**Task brief:**
Could you repeat the records below exactly, without the pictures?

Records from a dataset:
━━━━━━━━━━━━━━━━━━━━

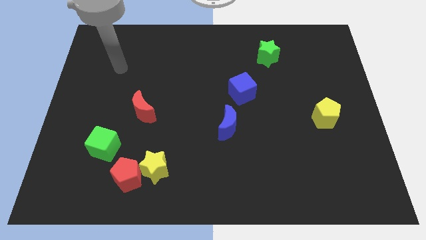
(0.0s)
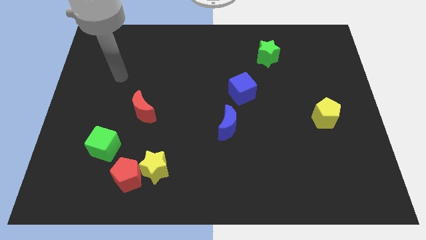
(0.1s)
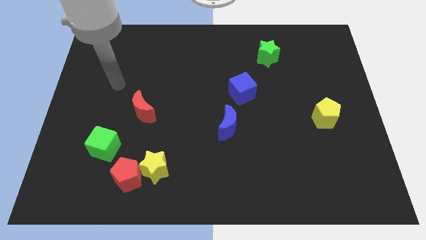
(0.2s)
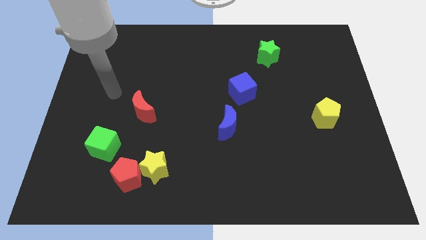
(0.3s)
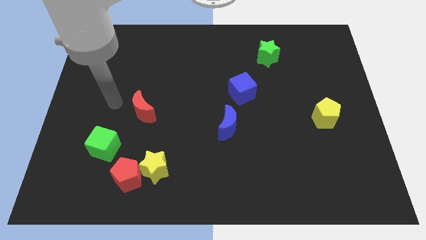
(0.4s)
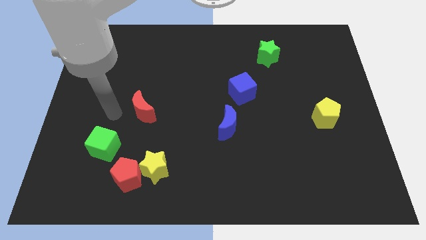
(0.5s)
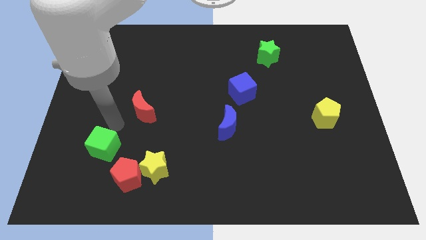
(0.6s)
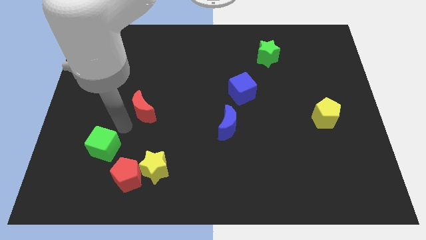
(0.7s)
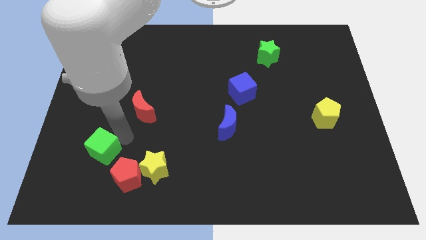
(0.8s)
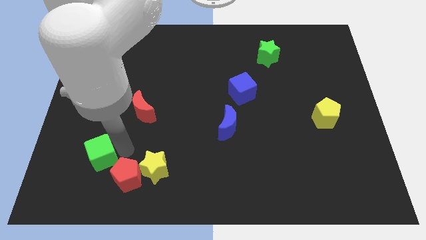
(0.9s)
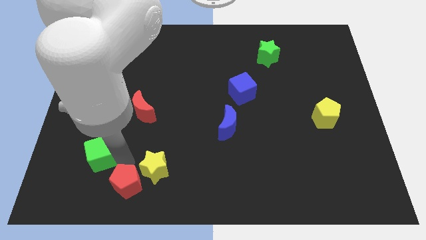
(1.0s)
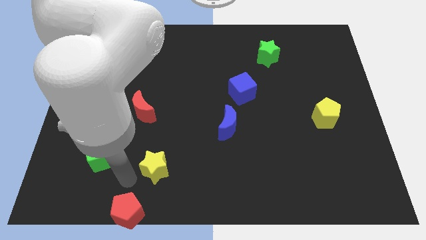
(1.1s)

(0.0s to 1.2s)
separate the yellow star from the red pentagon

━━━━━━━━━━━━━━━━━━━━

**Response area:**
(0.0s)
(0.1s)
(0.2s)
(0.3s)
(0.4s)
(0.5s)
(0.6s)
(0.7s)
(0.8s)
(0.9s)
(1.0s)
(1.1s)

(0.0s to 1.2s)
separate the yellow star from the red pentagon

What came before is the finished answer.